Task objective :: Show every line of the records below that contains the word "translate".

Data entries:

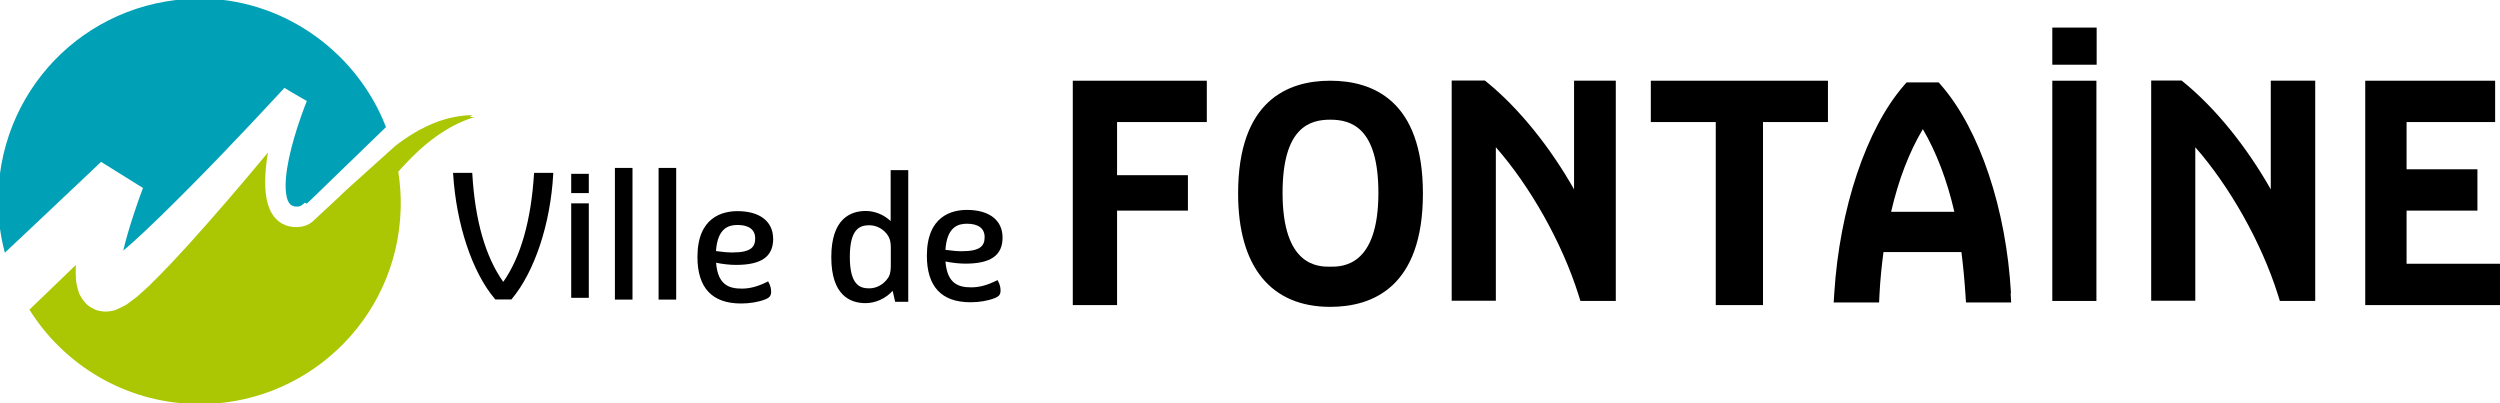 <?xml version="1.0" encoding="UTF-8" standalone="no"?>
<svg xmlns:rdf="http://www.w3.org/1999/02/22-rdf-syntax-ns#" xmlns="http://www.w3.org/2000/svg" xmlns:cc="http://creativecommons.org/ns#" xmlns:dc="http://purl.org/dc/elements/1.1/" xml:space="preserve" height="68.2" viewBox="0 0 423.419 68.157" width="423" version="1.1" y="0px" x="0px">
  <g transform="matrix(0.596,0,0,0.596,-50.566,-30.54)">
    <path fill="#00a1b6" d="m172,109c0.178-0.146,0.355-0.292,0.531-0.438l22-21.3c-8-20.7-28-35.7-51-36.5-32-0.9-58.2,23.8-59.2,55.8-0.174,5.69,0.501,11.2,1.89,16.4l12.1-11.4,10.5-9.92,2.62-2.48,1.32-1.24,0.652-0.62,0.162-0.152c0.01-0.006,11.9,7.42,11.9,7.42-0.006,0.033-0.026,0.076-0.026,0.076l-0.034,0.095-0.152,0.397c-0.798,2.14-1.58,4.35-2.3,6.56-0.642,1.92-1.24,3.84-1.8,5.76l-0.791,2.86-0.491,2.01c0.016,0.027,1.49-1.24,1.49-1.24,3.04-2.69,6.05-5.54,9.02-8.42,11.8-11.5,23.3-23.6,34.6-35.8l0.523-0.569,0.131-0.14,0.031-0.037c2.83,1.68,1.07,0.703,6.36,3.74-0.008,0.014-0.035,0.093-0.035,0.093l-0.137,0.34-0.543,1.4c-0.35,0.94-0.699,1.89-1.03,2.85-0.668,1.9-1.29,3.84-1.85,5.77-1.11,3.86-2.04,7.8-2.35,11.6-0.15,1.88-0.119,3.76,0.248,5.26,0.062,0.406,0.229,0.676,0.324,1.03,0.166,0.241,0.266,0.579,0.443,0.727,0.303,0.427,0.639,0.646,1.2,0.8,0.146,0.029,0.273,0.068,0.373,0.101l0.379,0.019c0.621,0.024,1.09-0.049,1.59-0.422,0.281-0.209,0.537-0.445,0.805-0.664z"></path>
    <path fill="#abc602" d="m219,83.9c-0.428,0.012-0.971-0.016-1.6,0.034-0.625,0.052-1.35,0.133-2.16,0.235-0.805,0.126-1.68,0.33-2.66,0.524-0.959,0.24-1.98,0.562-3.08,0.926-2.16,0.79-4.54,1.87-6.98,3.32-1.75,1.05-3.53,2.28-5.32,3.65l-0.004,0.004c-0.008,0.006-0.016,0.012-0.023,0.018v0.002l-14,12.6c-1.26,1.2-2,1.91-2,1.91l-5.23,4.87-1.31,1.22-0.217,0.204h-0.041c-0.162,0.182-0.332,0.352-0.502,0.511-0.037,0.038-0.09,0.077-0.121,0.112-1.4,1.22-3.06,1.6-4.44,1.64-0.035,0.005-0.082,0.002-0.123,0-0.512,0.005-0.98-0.023-1.38-0.071-1.26-0.169-2.63-0.649-3.74-1.54-0.57-0.423-1.02-0.968-1.46-1.49-0.35-0.536-0.762-1.11-0.977-1.65-1.02-2.25-1.28-4.39-1.4-6.43-0.158-3.49,0.217-6.79,0.746-10-7.4,8.9-14.9,17.7-22.7,26.3-2.87,3.15-5.77,6.27-8.84,9.35l-1.17,1.15-0.293,0.287-0.52,0.557c-0.371,0.365-0.777,0.717-1.17,1.07l-2.36,2.13-2.45,1.85c-0.829,0.71-1.6,0.953-2.39,1.38-0.774,0.379-1.62,0.834-2.27,0.882-1.43,0.354-2.63,0.281-3.94-0.009-0.672-0.119-1.38-0.474-2.07-0.875-0.332-0.207-0.68-0.406-0.973-0.644-0.253-0.261-0.556-0.503-0.766-0.767-0.487-0.521-0.875-1.09-1.24-1.69l-0.499-0.947c-0.126-0.356-0.225-0.741-0.339-1.11-0.236-0.73-0.396-1.57-0.53-2.4-0.029-0.932-0.137-1.79-0.102-2.78,0.006-0.592,0.019-1.19,0.043-1.79l-13.2,12.7c9.78,15.6,26.9,26.2,46.7,26.8,31.5,0.965,57.9-23.8,58.8-55.4,0.109-3.6-0.131-7.13-0.67-10.6,0.227-0.258,0.451-0.523,0.678-0.775,1.99-2.21,3.98-4.19,5.91-5.92,1.94-1.72,3.84-3.14,5.6-4.32,0.887-0.577,1.75-1.07,2.54-1.55,0.818-0.42,1.57-0.844,2.27-1.17,0.711-0.298,1.35-0.573,1.91-0.831,0.562-0.244,1.06-0.384,1.46-0.533,0.807-0.293,1.24-0.449,1.24-0.449s-0.457-0.007-1.32-0.016z"></path>
  </g>
  <g transform="translate(55.944,-161.018)">
    <g transform="translate(0,25.404)">
      <path d="m34.5,165c-0.495,7.92-2.25,14.1-5.21,18.3-3.02-4.27-4.78-10.4-5.24-18.3l-0.01-0.164h-3.25l0.011,0.186c0.533,8.55,3.25,16.7,7.1,21.2l0.052,0.062h2.71l0.053-0.062c3.87-4.62,6.57-12.7,7.04-21.2l0.01-0.185h-3.25l-0.009,0.163z"></path>
      <rect y="170" x="40.8" height="16" width="2.98"></rect>
      <rect y="165" x="40.8" height="3.26" width="2.98"></rect>
      <rect y="164" x="48.2" height="22.3" width="2.98"></rect>
      <rect y="164" x="55.6" height="22.3" width="2.98"></rect>
      <path d="m75,176c0-2.93-2.25-4.68-6.03-4.68-2.54,0-6.79,1.01-6.79,7.76,0,5.23,2.48,7.88,7.38,7.88,1.5,0,2.91-0.236,4.08-0.686,0.78-0.312,1.02-0.623,1.02-1.33,0-0.527-0.132-1.01-0.43-1.58l-0.08-0.15-0.153,0.076c-1.57,0.787-2.94,1.15-4.28,1.15-2.1,0-4.08-0.537-4.38-4.38,1.12,0.23,2.37,0.365,3.38,0.365,4.29,0.001,6.29-1.4,6.29-4.42zm-6.03-2.34c1.93,0,2.99,0.801,2.99,2.26,0,1.44-0.658,2.4-3.87,2.4-0.751,0-1.68-0.081-2.77-0.238,0.266-3.96,2.21-4.42,3.65-4.42z"></path>
      <path d="m94.9,173c-1.12-1.06-2.68-1.71-4.19-1.71-2.67,0-5.86,1.36-5.86,7.82,0,6.44,3.15,7.79,5.8,7.79,1.7,0,3.39-0.773,4.59-2.08l0.423,1.85h2.22v-22.3h-2.98v8.65zm-3.63,11.4c-1.62,0-3.28-0.634-3.28-5.33,0-4.72,1.66-5.36,3.28-5.36,1.28,0,2.48,0.66,3.19,1.77,0.315,0.472,0.469,1.11,0.469,1.95v3.25c0,1.08-0.253,1.66-0.469,1.95-0.737,1.1-1.93,1.77-3.19,1.77z"></path>
      <path d="m113,183-0.153,0.076c-1.57,0.787-2.94,1.15-4.28,1.15-2.1,0-4.08-0.537-4.38-4.38,1.12,0.23,2.37,0.365,3.38,0.365,4.29,0,6.29-1.4,6.29-4.42,0-2.93-2.25-4.68-6.03-4.68-2.54,0-6.79,1.01-6.79,7.76,0,5.23,2.48,7.88,7.38,7.88,1.5,0,2.91-0.236,4.08-0.686,0.78-0.312,1.02-0.623,1.02-1.33,0-0.527-0.132-1.01-0.43-1.58l-0.079-0.149zm-5.17-9.55c1.93,0,2.99,0.801,2.99,2.26,0,1.44-0.658,2.4-3.87,2.4-0.751,0-1.68-0.081-2.77-0.238,0.266-3.96,2.21-4.42,3.65-4.42z"></path>
    </g>
    <g transform="translate(103.651,-21.366)">
      <polygon points="29.6,234,29.6,218,41.6,218,41.6,212,29.6,212,29.6,203,44.8,203,44.8,196,22.1,196,22.1,234"></polygon>
      <path d="m65.7,196c-7.13,0-15.6,3.31-15.6,19.1,0,12.4,5.55,19.2,15.6,19.2,7.16,0,15.7-3.33,15.7-19.2,0-15.8-8.53-19.1-15.7-19.1zm0,31.5c-2,0-8.07,0-8.07-12.5,0-11.1,4.6-12.4,8.07-12.4,3.5,0,8.16,1.28,8.16,12.4,0,12.5-6.14,12.5-8.16,12.5z"></path>
      <path d="m107,196v18.4c-4.04-7.14-9.31-13.7-14.7-18.1l-0.407-0.334h-5.62v37.3h7.48v-26c5.76,6.54,11.2,16.1,14,25l0.325,1.03h5.99v-37.3h-7.48z"></path>
      <polygon points="120,196,120,203,131,203,131,234,139,234,139,203,150,203,150,196"></polygon>
      <path d="m181,232c-0.785-14.2-5.29-27.7-11.8-35.2l-0.439-0.512h-5.45l-0.439,0.508c-6.39,7.36-10.9,20.9-11.8,35.2l-0.098,1.56h7.69l0.068-1.4c0.127-2.58,0.406-5.07,0.676-7.14h13.2c0.291,2.32,0.52,4.72,0.68,7.16l0.092,1.38h7.65l-0.086-1.55zm-20.3-13.8c1.25-5.41,3.05-10.1,5.37-14,2.3,3.92,4.09,8.61,5.34,14h-10.7z"></path>
      <rect y="196" width="7.47" x="188" height="37.3"></rect>
      <path d="m225,196v18.4c-4.04-7.14-9.31-13.7-14.7-18.1l-0.404-0.334h-5.15v37.3h7.47v-26c5.76,6.54,11.2,16.1,14,25l0.322,1.03h5.99v-37.3h-7.48z"></path>
      <polygon points="248,227,248,218,260,218,260,211,248,211,248,203,263,203,263,196,241,196,241,234,264,234,264,227"></polygon>
      <path d="m188,187h7.51v6.29h-7.51v-6.29z"></path>
    </g>
  </g>
</svg>

Your response ::
  <g transform="translate(55.944,-161.018)">
    <g transform="translate(0,25.404)">
    <g transform="translate(103.651,-21.366)">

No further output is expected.